The plaintiff brought this action to recover from the defendants, husband and wife, the sum of six thousand dollars, alleged to be due as a deficiency after sale of real property under a deed of trust given to secure a promissory note. The trial court held that the note had been paid, satisfied, and discharged, and gave judgment for the defendants, from which the plaintiff appeals. Insufficiency of the evidence to support the above finding of the court, and errors in admitting evidence, are the grounds relied upon to secure a reversal of the judgment.
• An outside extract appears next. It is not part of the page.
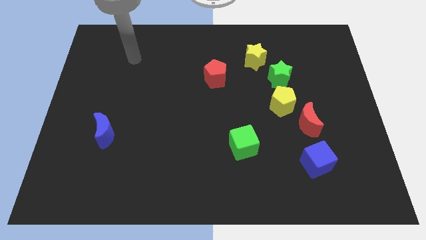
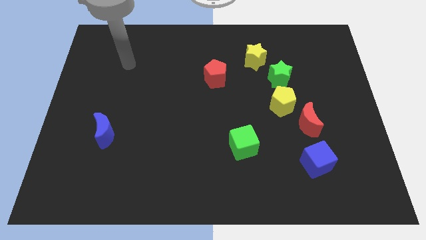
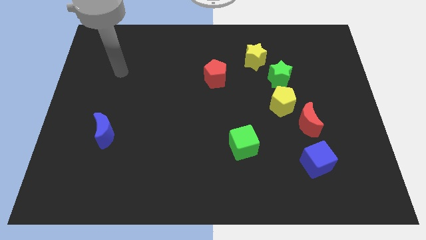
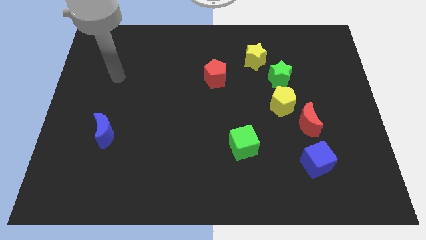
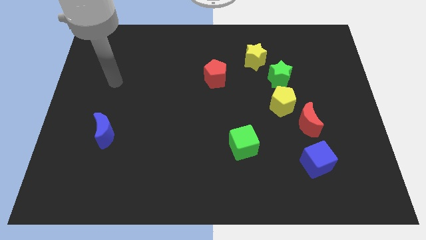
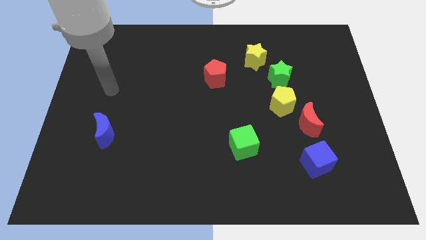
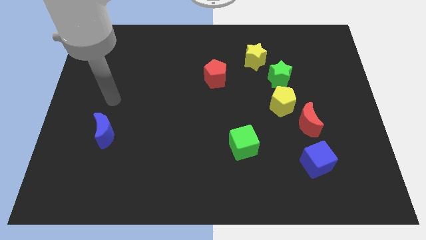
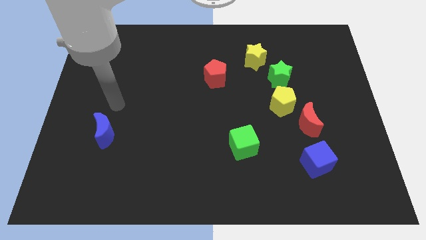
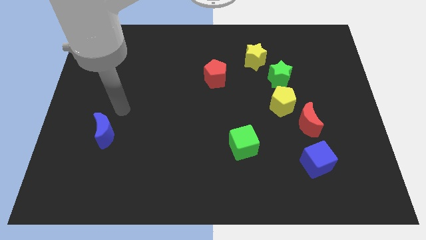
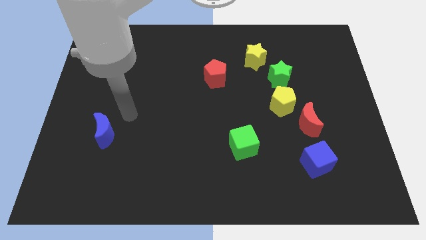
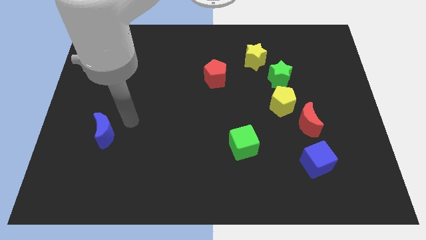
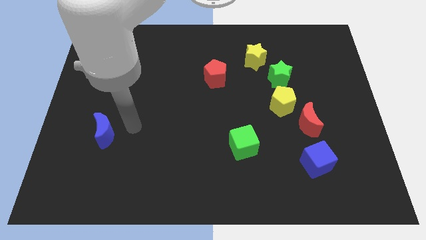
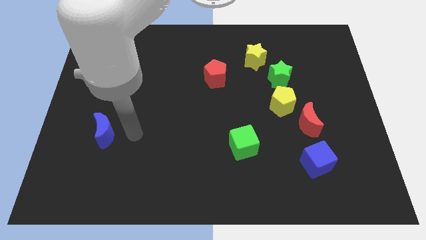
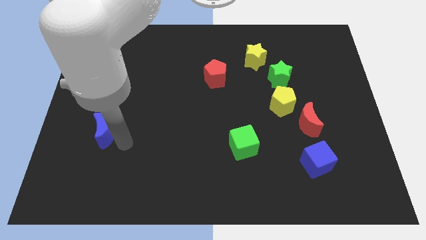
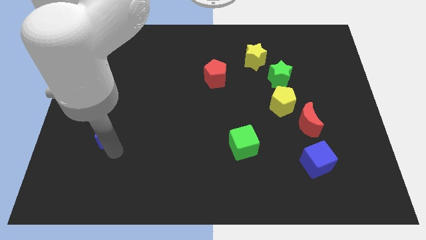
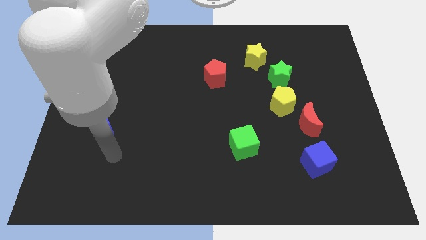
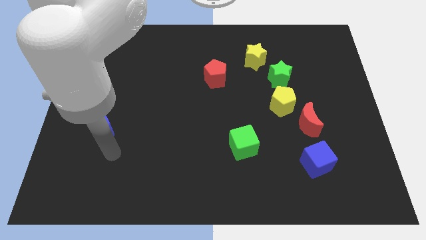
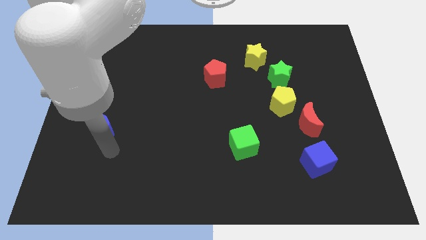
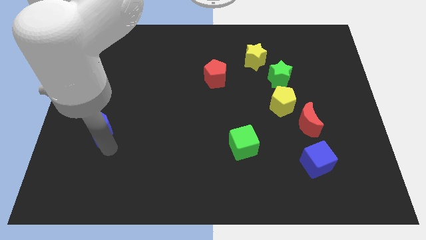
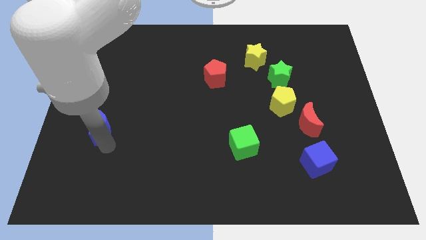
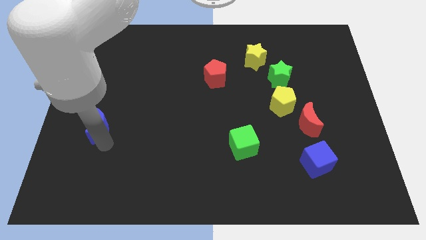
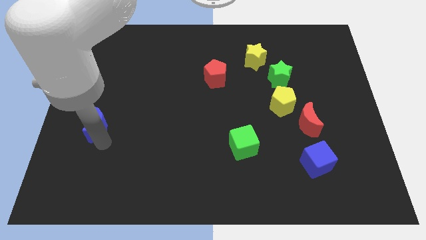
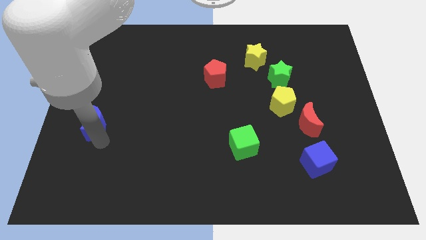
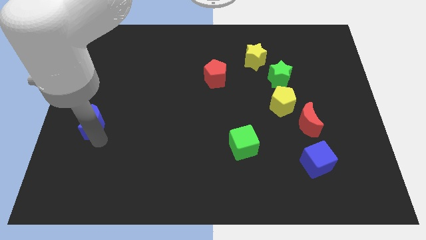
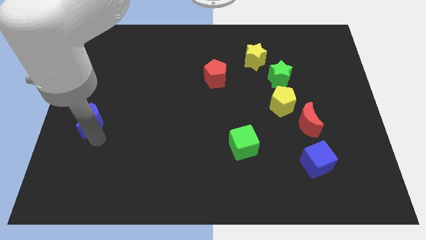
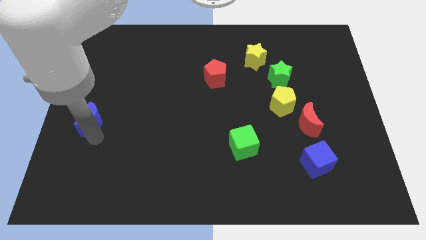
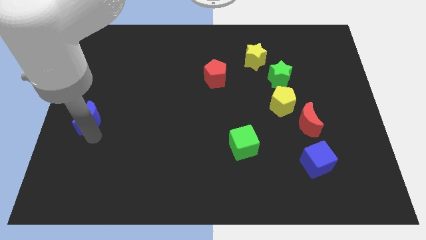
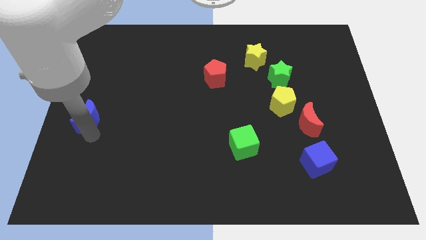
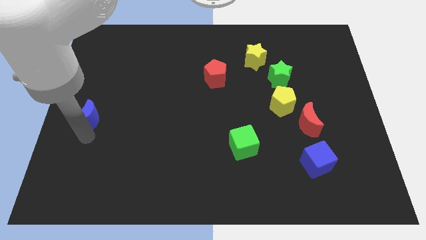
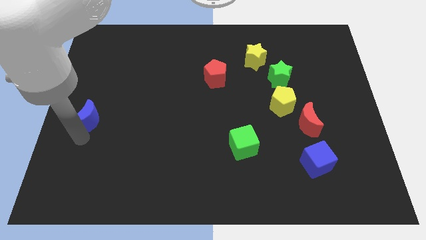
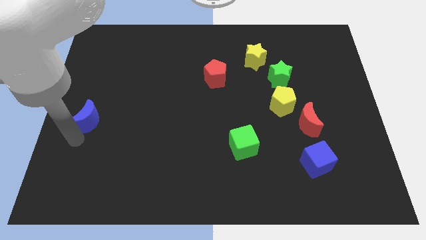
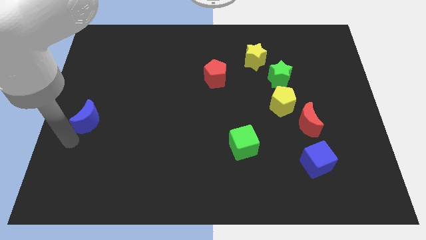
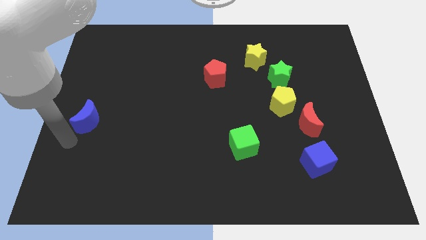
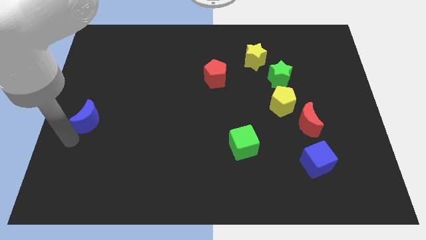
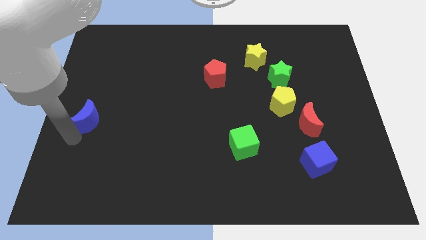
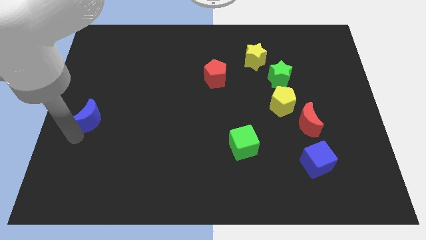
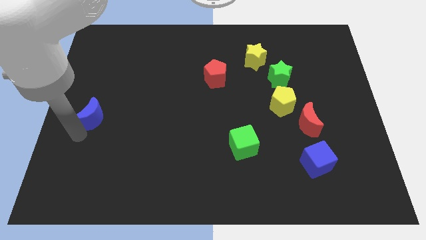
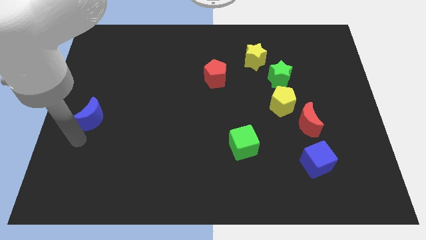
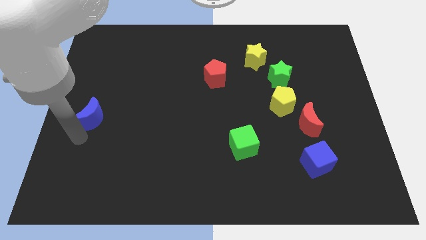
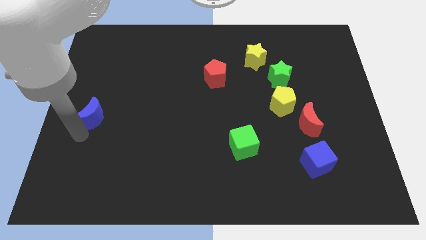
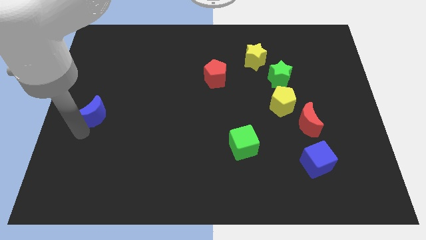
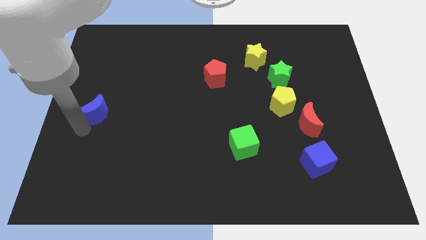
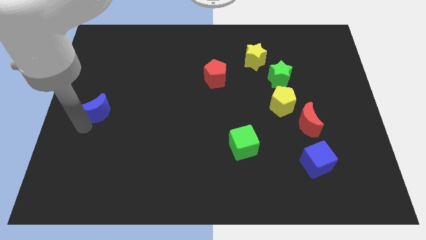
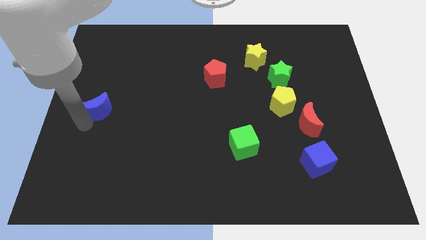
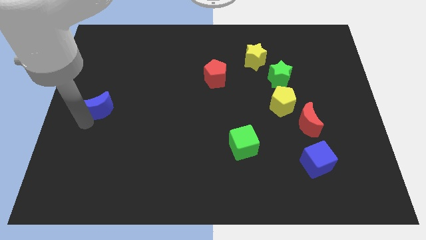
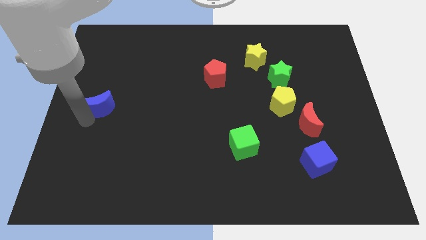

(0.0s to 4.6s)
slide the blue moon a little upwards

In presenting the question of the sufficiency or insufficiency of the evidence to support the court's finding that the promissory note, on which was based the right of the plaintiff to recover, had been paid, satisfied, and discharged on May 28, 1914, counsel for the respective parties have each presented a careful analysis of the testimony. These discussions only serve to emphasize what clearly appears from the record, that there is an irreconcilable conflict in the testimony of the two real parties to the action. It was the province of the trial court, under such circumstances, to accept the evidence of one or the other as true, and if satisfied therewith, to decide the issues in the light of such testimony. In doing so it was proper for the court to indulge the legitimate inference and deduction arising from the testimony in arriving at a proper understanding of the facts it considered directly proved. (Maxson v. Llewellyn, 122 Cal. 195, 198, [54 P. 732].)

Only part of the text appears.